Abstract

Background: Ischaemic heart disease is responsible for a significant health care burden in the elderly. The benefit from coronary revascularization with PCI in very elderly patients remains unclear. Purpose: We sought to assess the morbidity and mortality of very elderly patients (VEP; age ≥80 years) undergoing PCI, and compare outcomes to elderly patients (EP; 70-79 years). Methods: 820 consecutive patients (age ≥70 years) undergoing PCI over a three-year period were included (Jan 2012 to Jan 2015). Baseline characteristics, procedural details and clinical outcomes at three points of follow up (in-hospital, 30-day and 1-year) were recorded and patients were classified in to two groups, EP (n=508, 65% males) and VEP (n=312, 67% males). Results: 875 PCI procedures were evaluated, 553 (62%) in the EP group and 322 (38%) performed in VEP group. Baseline characteristics were similar in both groups. All comparative data are expressed as VEP vs. EP with p<0.05 unless otherwise stated. VEP were more likely than EP to undergo PCI for ACS [STEMI (35.3% vs. 22.0%), NSTEMI (47.9% vs. 44.7%)]. EP were more likely to have PCI for stable angina. VEP were more likely to receive three or more stents than EP (19.6% vs. 13.1%).
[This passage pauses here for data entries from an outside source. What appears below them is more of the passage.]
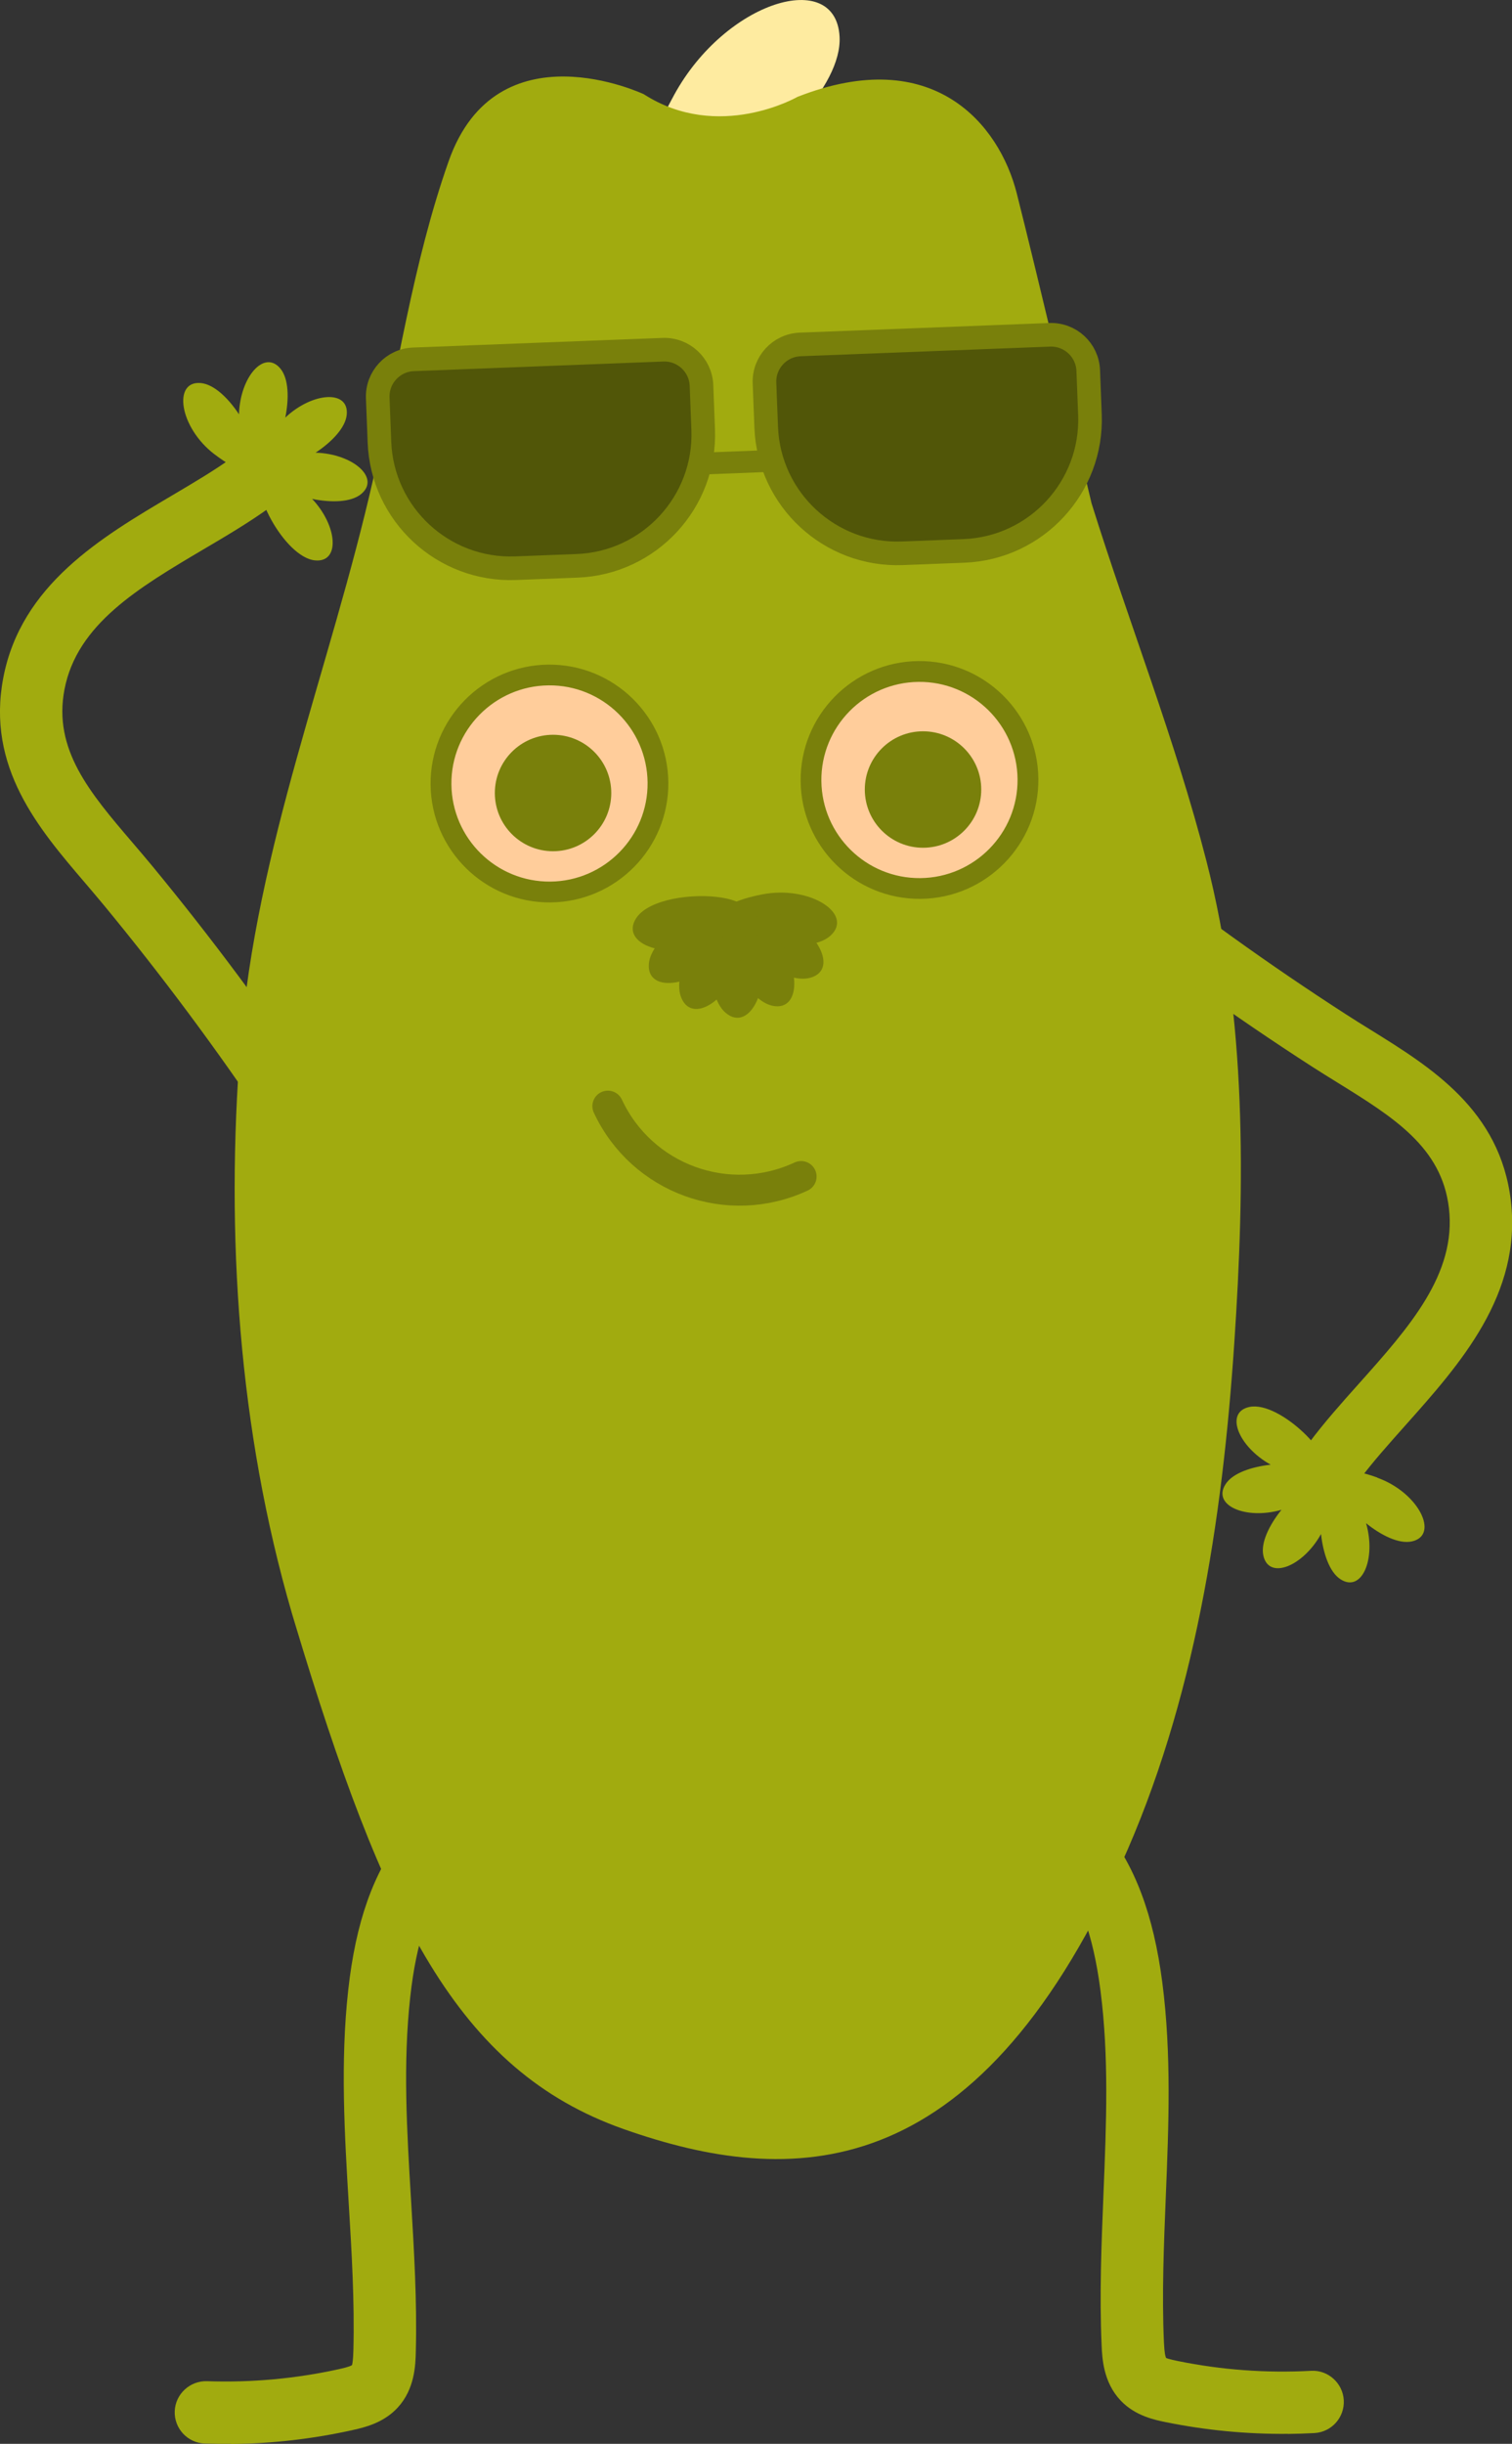 <?xml version="1.0" encoding="UTF-8"?>
<svg id="uuid-7fb58050-4f30-40dd-b977-abdd76f436f5" data-name="Laag 2" xmlns="http://www.w3.org/2000/svg" viewBox="0 0 195.31 315.6">
  <rect x="0" y="0" width="195.31" height="315.6" fill="#333333" stroke="none"/>
  <g id="uuid-7be6683d-ca4d-49ef-86ba-d6afe5cfca1f" data-name="Laag 2">
    <g>
      <g>
        <path d="M108.45,4.73c.71,12.98-36.55,35.23-21.36,7.51,6.63-12.11,20.87-16.4,21.36-7.51Z" style="fill: #feeba0;"/>
        <path d="M83.17,12.17s-18.99-8.98-25.21,8.63c-4.65,13.19-6.63,27.27-9.71,40.87-5.6,24.74-15.16,47.68-17.19,73.23-1.94,24.47-.24,49.79,6.64,73.42.13.46.27.91.41,1.37,11.4,37.81,20.89,57.67,42.47,65.27,21.58,7.6,45.24,7.6,64.23-34.19,9.5-20.9,13.09-44.49,14.62-67.23,1.4-20.78,1.63-42.03-3.59-62.34-4-15.6-10.03-30.81-14.84-46.2,0,0-7.42-31.25-9.67-40.06-2.24-8.81-10.71-19.34-28.32-12.43,0,0-10.19,5.87-19.86-.35Z" style="fill: #a1ab0f;"/>
      </g>
      <g>
        <path d="M177.91,190.81c-3.81-1.36-5.33-.97-5.47.17-.22,0-.41.09-.59.23-.16-.15-.36-.23-.58-.26,0-.22-.09-.41-.23-.59,1.79-1.93-5.72-9.52-9.67-8.66-3.2.69-1.43,5.12,2.77,7.45-2.5.28-4.92,1.09-5.83,2.52-1.77,2.75,2.61,4.63,7.22,3.31-1.57,1.96-2.7,4.24-2.34,5.9.69,3.2,5.12,1.43,7.45-2.77.28,2.5,1.09,4.92,2.52,5.84,2.75,1.77,4.63-2.62,3.3-7.24,1.96,1.58,4.25,2.71,5.91,2.35,3.6-.78.91-6.31-4.47-8.23Z" style="fill: #a1ab0f;"/>
        <path d="M173.27,192.66c-1.12.28-2.36.07-3.36-.68-1.78-1.33-2.16-3.85-.83-5.63,1.94-2.61,4.23-5.18,6.45-7.66,6.5-7.28,12.64-14.16,11.63-22.69-.93-7.86-7.16-11.71-14.37-16.18-1.11-.69-2.22-1.37-3.3-2.07-10.1-6.51-19.98-13.61-29.37-21.08-1.74-1.38-2.03-3.92-.64-5.66,1.38-1.74,3.92-2.03,5.66-.64,9.18,7.31,18.84,14.25,28.72,20.62,1.05.68,2.11,1.34,3.18,2,7.84,4.86,16.73,10.37,18.12,22.07,1.44,12.13-6.56,21.09-13.61,29-2.19,2.46-4.27,4.78-5.99,7.1-.58.78-1.39,1.29-2.27,1.51Z" style="fill: #a1ab0f;"/>
        <path d="M27.7,58.66c3.22,2.45,4.79,2.55,5.26,1.5.21.06.42.04.63-.04.11.19.27.33.48.43-.06.21-.04.42.04.64-2.29,1.29,2.56,10.8,6.59,11.18,3.26.31,2.91-4.45-.38-7.94,2.47.5,5.02.45,6.33-.63,2.52-2.08-1.08-5.2-5.88-5.34,2.09-1.39,3.86-3.22,4.02-4.91.31-3.26-4.45-2.91-7.94.38.5-2.47.45-5.02-.63-6.33-2.09-2.52-5.21,1.09-5.35,5.9-1.39-2.1-3.23-3.87-4.92-4.03-3.67-.35-2.79,5.74,1.76,9.2Z" style="fill: #a1ab0f;"/>
        <path d="M32.69,58.31c1.15.08,2.27.65,2.99,1.67,1.3,1.8.89,4.32-.92,5.62-2.64,1.9-5.6,3.65-8.47,5.34-8.4,4.97-16.34,9.66-17.96,18.09-1.49,7.77,3.27,13.33,8.78,19.78.85.99,1.69,1.98,2.52,2.98,7.65,9.27,14.91,19.03,21.59,29,1.24,1.85.74,4.35-1.11,5.58-1.85,1.24-4.35.74-5.58-1.11-6.53-9.75-13.63-19.29-21.11-28.36-.79-.96-1.61-1.91-2.42-2.87-6-7.01-12.8-14.95-10.57-26.53,2.31-11.99,12.65-18.11,21.77-23.5,2.84-1.68,5.52-3.26,7.86-4.95.79-.57,1.72-.81,2.62-.75Z" style="fill: #a1ab0f;"/>
        <path d="M166.36,314.31c-5.31.05-10.62-.46-15.82-1.52-1.36-.28-3.9-.79-5.78-2.78-2.25-2.37-2.39-5.48-2.46-7.16-.29-6.56-.02-13.16.24-19.54.37-9.09.72-17.67-.39-26.26-.93-7.2-2.77-12.28-5.79-15.99-3.15-3.88-7.9-6.53-12.49-9.09-1.94-1.08-2.63-3.54-1.55-5.48,1.08-1.94,3.54-2.63,5.48-1.55,5.01,2.8,10.68,5.97,14.81,11.04,4,4.92,6.39,11.29,7.53,20.04,1.2,9.27.82,18.6.45,27.63-.25,6.21-.52,12.64-.24,18.86.06,1.37.19,1.85.29,2.01.05.02.43.17,1.52.39,5.64,1.15,11.42,1.57,17.18,1.26,2.19-.14,4.12,1.58,4.24,3.8.12,2.22-1.58,4.12-3.8,4.24-1.13.06-2.27.1-3.4.11Z" style="fill: #a1ab0f;"/>
        <path d="M29.85,315.6c-1.13.01-2.27,0-3.4-.04-2.22-.08-3.96-1.94-3.88-4.17.08-2.22,1.97-3.95,4.17-3.88,5.77.2,11.53-.33,17.15-1.58,1.09-.24,1.46-.41,1.58-.5.03-.09.15-.57.18-1.94.16-6.22-.22-12.64-.6-18.85-.54-9.02-1.1-18.35-.07-27.63.97-8.77,3.24-15.18,7.14-20.17,4.03-5.15,9.64-8.43,14.6-11.32,1.92-1.12,4.38-.47,5.51,1.45,1.12,1.92.47,4.38-1.45,5.51-4.54,2.65-9.24,5.39-12.31,9.33-2.95,3.77-4.69,8.88-5.48,16.1-.95,8.61-.44,17.19.11,26.27.38,6.38.78,12.97.61,19.53-.04,1.68-.12,4.8-2.33,7.2-1.85,2.02-4.37,2.58-5.73,2.89-5.18,1.16-10.48,1.77-15.79,1.82Z" style="fill: #a1ab0f;"/>
        <g>
          <path d="M107.31,120.8c-4.34,4.05-23.06-2.5-8.89-5.29,6.19-1.22,11.87,2.51,8.89,5.29Z" style="fill: #79800b;"/>
          <path d="M104.66,126.27c-5.73,1.57-19.26-12.93-5.41-8.82,6.05,1.8,9.34,7.74,5.41,8.82Z" style="fill: #79800b;"/>
          <path d="M99.76,129.88c-5.8-1.27-11.04-20.4-.7-10.32,4.52,4.4,4.67,11.19.7,10.32Z" style="fill: #79800b;"/>
          <path d="M93.75,130.81c-4.55-3.82-.3-23.2,4.18-9.46,1.96,6-1.07,12.08-4.18,9.46Z" style="fill: #79800b;"/>
          <path d="M88,128.84c-2.25-5.5,10.52-20.68,8.1-6.44-1.06,6.22-6.56,10.2-8.1,6.44Z" style="fill: #79800b;"/>
          <path d="M83.82,124.42c.56-5.91,18.92-13.42,10.16-1.93-3.82,5.02-10.55,5.99-10.16,1.93Z" style="fill: #79800b;"/>
          <path d="M82.18,118.57c3.25-4.97,22.99-3.09,9.9,3.01-5.72,2.66-12.12.4-9.9-3.01Z" style="fill: #79800b;"/>
        </g>
      </g>
      <g>
        <circle cx="70.98" cy="101.18" r="14.01" style="fill: #ffcd9b;"/>
        <path d="M71.12,116.54c-8.47.08-15.42-6.74-15.5-15.21-.08-8.47,6.74-15.42,15.21-15.5,8.47-.08,15.42,6.74,15.5,15.21.08,8.47-6.74,15.42-15.21,15.5ZM70.86,88.51c-6.99.07-12.62,5.8-12.55,12.79.07,6.99,5.8,12.62,12.79,12.55,6.99-.07,12.62-5.8,12.55-12.79-.07-6.99-5.8-12.62-12.79-12.55Z" style="fill: #79800b;"/>
      </g>
      <circle cx="71.44" cy="102.41" r="7.52" style="fill: #79800b;"/>
      <g>
        <circle cx="118.78" cy="100.73" r="14.01" style="fill: #ffcd9b;"/>
        <path d="M118.92,116.08c-8.47.08-15.42-6.74-15.5-15.21-.08-8.47,6.74-15.42,15.21-15.5,8.47-.08,15.42,6.74,15.5,15.21.08,8.47-6.74,15.42-15.21,15.5ZM118.65,88.06c-6.99.07-12.62,5.8-12.55,12.79s5.8,12.62,12.79,12.55c6.99-.07,12.62-5.8,12.55-12.79-.07-6.99-5.8-12.62-12.79-12.55Z" style="fill: #79800b;"/>
      </g>
      <circle cx="119.23" cy="101.96" r="7.52" style="fill: #79800b;"/>
      <g>
        <path d="M53.92,45.77h32.25c2.65,0,4.8,2.15,4.8,4.8v5.71c0,9.35-7.59,16.95-16.95,16.95h-7.95c-9.35,0-16.95-7.59-16.95-16.95v-5.71c0-2.65,2.15-4.8,4.8-4.8Z" transform="translate(-2.24 2.75) rotate(-2.21)" style="fill: #515608; stroke: #79800b; stroke-linecap: round; stroke-linejoin: round; stroke-width: 3.05px;"/>
        <path d="M103.88,43.84h32.25c2.65,0,4.8,2.15,4.8,4.8v5.71c0,9.35-7.59,16.95-16.95,16.95h-7.95c-9.35,0-16.95-7.59-16.95-16.95v-5.71c0-2.65,2.15-4.8,4.8-4.8Z" transform="translate(-2.13 4.68) rotate(-2.21)" style="fill: #515608; stroke: #79800b; stroke-linecap: round; stroke-linejoin: round; stroke-width: 3.05px;"/>
        <rect x="90.99" y="58.29" width="8.15" height="2.82" transform="translate(-2.23 3.71) rotate(-2.21)" style="fill: #79800b;"/>
      </g>
    </g>
    <path d="M78.52,142.85c4.39,9.41,15.55,13.47,24.96,9.09" style="fill: none; stroke: #79800b; stroke-linecap: round; stroke-linejoin: round; stroke-width: 4px;"/>
  </g>
</svg>

Uni-variable relative risk analyses of mortality and post-procedural complications are shown in Figure 1. Global unadjusted in-hospital mortality was higher in the VEP group (9.1% vs. 4.9%). Global mortality was also higher in the VEP group at 30-day follow up (10.3% vs. 7.5%) and 1-year end point (18.6% vs. 8.7%). Among the post procedure complications, major bleeding requiring transfusion and renal failure were higher in the VEP, whilst stroke rates were not statistically different. Conclusions: Very elderly patients undergoing PCI have higher mortality and complication rate compared to elderly patients. The higher risk of complications may in part be explained by their higher likelihood to present with an ACS and more complex anatomy.